Micromangement is an effective leadership principle
"If you want something done right, do it yourself." - Napoleon Bonaparte
Micromanagement (as a general rule) is an effective managing style for government and business leaders. Con will argue the opposite.
Micromanagement - a managing style whereby a manager/leader closely observes or controls the work of subordinates or employees.
Effectiveness - The degree to which objectives are achieved and the extent to which targeted problems are solved.

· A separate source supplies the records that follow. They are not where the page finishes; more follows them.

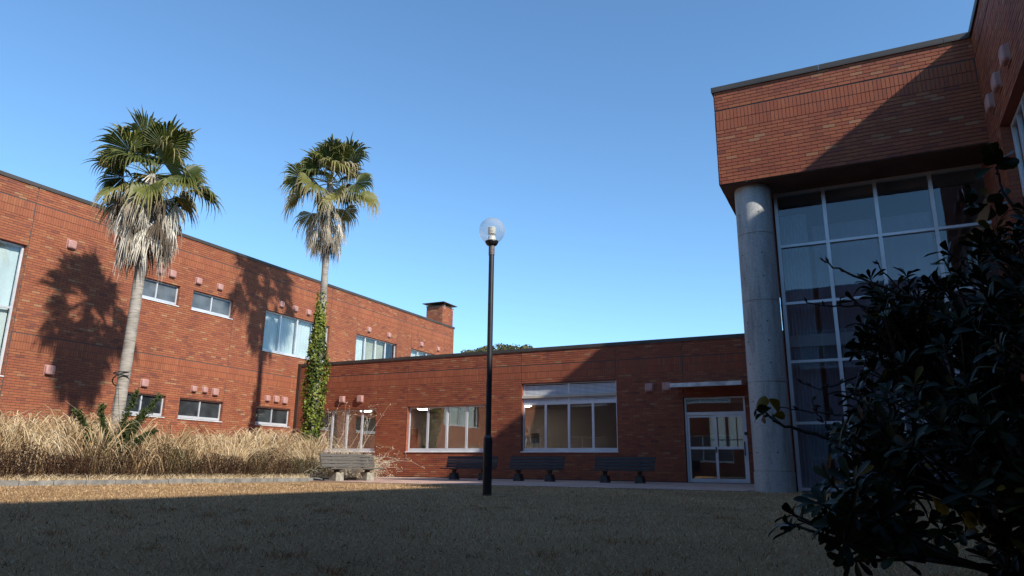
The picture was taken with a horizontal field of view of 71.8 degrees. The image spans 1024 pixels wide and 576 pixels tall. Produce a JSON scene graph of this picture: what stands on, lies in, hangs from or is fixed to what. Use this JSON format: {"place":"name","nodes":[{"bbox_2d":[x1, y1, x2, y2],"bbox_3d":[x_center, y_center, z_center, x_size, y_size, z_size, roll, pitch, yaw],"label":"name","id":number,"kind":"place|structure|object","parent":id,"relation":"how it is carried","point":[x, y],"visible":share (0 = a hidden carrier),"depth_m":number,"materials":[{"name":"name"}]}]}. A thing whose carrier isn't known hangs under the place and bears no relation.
{"place":"outdoors","nodes":[
{"label":"outdoors","id":0,"kind":"place"},
{"bbox_2d":[0,170,456,441],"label":"brick building","id":1,"kind":"structure","parent":0,"point":[222,337],"depth_m":25.01,"materials":[{"name":"red brick"}]},
{"bbox_2d":[0,240,23,376],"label":"window","id":2,"kind":"structure","parent":1,"relation":"in","point":[9,251],"depth_m":20.66,"materials":[{"name":"silver metal"}]},
{"bbox_2d":[124,392,164,417],"bbox_3d":[-12.533,3.953,23.896,0.205,0.755,1.760,-6,-16,26],"label":"window","id":3,"kind":"structure","parent":1,"relation":"in","point":[145,398],"depth_m":24.11,"materials":[{"name":"silver metal"}]},
{"bbox_2d":[142,278,178,306],"bbox_3d":[-12.489,0.125,24.872,0.205,0.755,1.760,-6,-16,26],"label":"window","id":4,"kind":"structure","parent":1,"relation":"in","point":[163,292],"depth_m":25.04,"materials":[{"name":"clear glass"}]},
{"bbox_2d":[177,398,220,421],"bbox_3d":[-11.470,4.494,25.973,0.205,0.755,1.970,-6,-16,26],"label":"window","id":5,"kind":"structure","parent":1,"relation":"in","point":[192,409],"depth_m":26.00,"materials":[{"name":"glass"}]},
{"bbox_2d":[191,291,232,319],"bbox_3d":[-11.435,0.662,26.931,0.205,0.755,1.930,-6,-16,26],"label":"window","id":6,"kind":"structure","parent":1,"relation":"in","point":[203,303],"depth_m":26.97,"materials":[{"name":"clear glass"}]},
{"bbox_2d":[254,406,289,427],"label":"window","id":7,"kind":"structure","parent":1,"relation":"in","point":[268,416],"depth_m":29.12,"materials":[{"name":"grey glass"}]},
{"bbox_2d":[262,310,327,362],"bbox_3d":[-9.434,2.186,30.855,0.323,1.725,3.980,-6,-16,26],"label":"window","id":8,"kind":"structure","parent":1,"relation":"in","point":[286,329],"depth_m":30.57,"materials":[{"name":"clear glass"}]},
{"bbox_2d":[355,335,394,359],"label":"window","id":9,"kind":"structure","parent":1,"relation":"in","point":[369,344],"depth_m":35.63,"materials":[{"name":"clear glass"}]},
{"bbox_2d":[411,349,431,355],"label":"window","id":10,"kind":"structure","parent":1,"relation":"in","point":[418,353],"depth_m":39.40,"materials":[{"name":"clear glass"}]},
{"bbox_2d":[0,0,974,352],"label":"sky","id":11,"kind":"structure","parent":0,"point":[586,128],"materials":[{"name":"blue"}]},
{"bbox_2d":[0,481,1019,575],"bbox_3d":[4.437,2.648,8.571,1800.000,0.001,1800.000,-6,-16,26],"label":"lawn","id":12,"kind":"structure","parent":0,"point":[309,569],"depth_m":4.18,"materials":[{"name":"beige plant"}]},
{"bbox_2d":[0,477,359,486],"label":"kerb","id":13,"kind":"structure","parent":12,"relation":"on","point":[4,483],"depth_m":14.51,"materials":[{"name":"concrete"}]},
{"bbox_2d":[110,478,359,479],"bbox_3d":[-11.736,4.222,15.522,8.470,0.125,16.400,-6,-16,26],"label":"planting bed","id":14,"kind":"object","parent":12,"relation":"on","point":[344,478],"visible":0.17,"depth_m":20.23,"materials":[{"name":"soil"}]},
{"bbox_2d":[71,388,163,473],"bbox_3d":[-8.836,3.220,15.862,0.899,2.082,2.280,-6,-16,26],"label":"evergreen shrub","id":15,"kind":"object","parent":14,"relation":"on","point":[141,417],"visible":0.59,"depth_m":16.09,"materials":[{"name":"green plant"}]},
{"bbox_2d":[82,104,225,432],"bbox_3d":[-10.089,-0.074,18.950,3.531,10.054,3.350,-1,-14,5],"label":"palm tree","id":16,"kind":"object","parent":14,"relation":"on","point":[137,206],"visible":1,"depth_m":19.26,"materials":[{"name":"green plant"}]},
{"bbox_2d":[112,371,157,429],"bbox_3d":[-9.513,3.524,18.366,1.558,2.636,2.059,-6,-16,26],"label":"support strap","id":17,"kind":"object","parent":16,"relation":"attached to","point":[116,373],"visible":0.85,"depth_m":18.37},
{"bbox_2d":[0,473,349,480],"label":"dry tufts","id":18,"kind":"object","parent":14,"relation":"on","point":[114,477],"visible":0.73,"depth_m":14.71,"materials":[{"name":"plant"}]},
{"bbox_2d":[0,400,350,480],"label":"dry grass","id":19,"kind":"structure","parent":14,"relation":"on","point":[69,434],"depth_m":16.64,"materials":[{"name":"beige plant"}]},
{"bbox_2d":[287,401,424,477],"bbox_3d":[-4.441,4.534,21.191,3.576,2.217,4.514,-6,-16,26],"label":"dry weed","id":20,"kind":"object","parent":14,"relation":"on","point":[352,472],"visible":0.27,"depth_m":20.74,"materials":[{"name":"beige plant"}]},
{"bbox_2d":[277,133,380,472],"bbox_3d":[-6.929,0.293,25.678,3.805,12.874,4.024,-6,-16,26],"label":"palm tree","id":21,"kind":"object","parent":12,"relation":"on","point":[332,156],"visible":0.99,"depth_m":26.33,"materials":[{"name":"green plant"}]},
{"bbox_2d":[298,291,331,448],"bbox_3d":[-7.001,3.372,25.253,1.074,6.667,1.041,-6,-16,26],"label":"ivy","id":22,"kind":"object","parent":21,"relation":"attached to","point":[318,318],"visible":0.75,"depth_m":25.12,"materials":[{"name":"green plant"}]},
{"bbox_2d":[479,218,503,495],"bbox_3d":[-0.349,0.999,11.060,0.430,4.420,0.430,-6,-16,26],"label":"lamp post","id":23,"kind":"object","parent":12,"relation":"on","point":[491,242],"visible":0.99,"depth_m":10.94,"materials":[{"name":"black metal"}]},
{"bbox_2d":[711,0,1023,494],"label":"brick building","id":24,"kind":"structure","parent":12,"relation":"on","point":[855,165],"depth_m":14.52,"materials":[{"name":"red brick"}]},
{"bbox_2d":[1011,92,1023,195],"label":"window","id":25,"kind":"structure","parent":24,"relation":"in","point":[1017,119],"depth_m":11.65,"materials":[{"name":"glass"}]},
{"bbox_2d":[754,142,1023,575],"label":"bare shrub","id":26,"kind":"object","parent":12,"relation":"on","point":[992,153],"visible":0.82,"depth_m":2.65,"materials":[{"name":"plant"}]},
{"bbox_2d":[768,196,1023,575],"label":"bush","id":27,"kind":"object","parent":12,"relation":"on","point":[973,424],"visible":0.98,"depth_m":2.07,"materials":[{"name":"green plant"}]},
{"bbox_2d":[310,477,791,492],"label":"pavement","id":28,"kind":"structure","parent":0,"point":[730,487],"depth_m":18.14,"materials":[{"name":"grey concrete"}]},
{"bbox_2d":[319,453,383,480],"bbox_3d":[-4.326,4.862,19.119,0.553,0.727,1.820,-10,-18,37],"label":"bench","id":29,"kind":"object","parent":28,"relation":"on","point":[328,460],"visible":0.98,"depth_m":19.18,"materials":[{"name":"grey wood"}]},
{"bbox_2d":[440,456,497,479],"bbox_3d":[-1.369,5.739,22.525,1.820,0.727,0.553,-6,-16,24],"label":"bench","id":30,"kind":"object","parent":28,"relation":"on","point":[454,463],"visible":0.81,"depth_m":22.68,"materials":[{"name":"grey wood"}]},
{"bbox_2d":[503,457,564,481],"bbox_3d":[0.675,5.483,21.430,1.820,0.727,0.553,-6,-16,26],"label":"bench","id":31,"kind":"object","parent":28,"relation":"on","point":[549,464],"visible":1,"depth_m":21.48,"materials":[{"name":"grey wood"}]},
{"bbox_2d":[292,331,794,483],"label":"brick building","id":32,"kind":"structure","parent":28,"relation":"on","point":[678,409],"depth_m":25.94,"materials":[{"name":"red brick"}]},
{"bbox_2d":[319,409,376,451],"bbox_3d":[-6.790,5.834,28.863,3.120,1.710,0.205,-6,-16,26],"label":"window","id":33,"kind":"structure","parent":32,"relation":"in","point":[333,411],"depth_m":28.80,"materials":[{"name":"silver metal"}]},
{"bbox_2d":[410,429,417,447],"bbox_3d":[-4.830,7.575,32.609,1.000,2.080,0.057,-6,-16,26],"label":"inside door","id":34,"kind":"structure","parent":32,"relation":"in","point":[413,432],"depth_m":32.59,"materials":[{"name":"brown wood"}]},
{"bbox_2d":[406,405,485,451],"bbox_3d":[-2.503,5.351,26.794,3.530,1.720,0.205,-6,-16,26],"label":"window","id":35,"kind":"structure","parent":32,"relation":"in","point":[446,449],"depth_m":26.86,"materials":[{"name":"silver metal"}]},
{"bbox_2d":[522,401,618,452],"bbox_3d":[1.972,4.853,24.631,3.620,1.715,0.205,-6,-16,26],"label":"window","id":36,"kind":"structure","parent":32,"relation":"in","point":[578,450],"depth_m":24.59,"materials":[{"name":"silver metal"}]},
{"bbox_2d":[684,396,749,482],"bbox_3d":[6.470,4.792,22.357,1.940,2.678,0.180,-6,-16,26],"label":"entrance door","id":37,"kind":"structure","parent":32,"relation":"in","point":[742,414],"depth_m":22.39,"materials":[{"name":"silver metal"}]},
{"bbox_2d":[709,417,726,446],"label":"inside window","id":38,"kind":"structure","parent":32,"relation":"in","point":[721,429],"depth_m":26.81,"materials":[{"name":"silver metal"}]},
{"bbox_2d":[728,417,743,446],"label":"inside window","id":39,"kind":"structure","parent":32,"relation":"in","point":[735,423],"depth_m":26.53,"materials":[{"name":"silver metal"}]},
{"bbox_2d":[589,457,654,482],"bbox_3d":[3.174,5.232,20.331,1.820,0.727,0.553,-7,-16,27],"label":"bench","id":40,"kind":"object","parent":28,"relation":"on","point":[606,463],"visible":0.98,"depth_m":20.41,"materials":[{"name":"grey wood"}]},
{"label":"hill","id":41,"kind":"structure","parent":0,"visible":0},
{"bbox_2d":[461,343,532,352],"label":"forest","id":42,"kind":"object","parent":41,"relation":"on","point":[498,347],"visible":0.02,"depth_m":122.42,"materials":[{"name":"green plant"}]}
]}

In contrast to efficiency, effectiveness is determined without reference to costs and, whereas efficiency means "doing the thing right," effectiveness means "doing the right thing." 
3)counter arguments / rebuttals
4)rebuttals / conclusions
To begin, there is a common misconception in the government and business worlds, which is that micromanagers by definition are bad.
According to wikipedia (a source for layman terms) micromanagers are "workplace bullys" and "narcissistic individuals" who not only tell subordinates what to do but also dictate to them that a job be done in a certain way . Micromanagers often require constant and deliberate performance updates on behalf of employees whereas they themselves are either directly involved in doing the employee's work or excessively monitoring it for perfectionist details . Most employees and leadership schools again, tend to see micromanagement as a bad practice for leading people.
Truth be told however, micromanagement is not so much an effective solution for making subordinates feel good as it is for ensuring that a complex labor system of processes, products, marketing, negotiating, financing, and final assembly produces results, even in times of hardship or general incompetence.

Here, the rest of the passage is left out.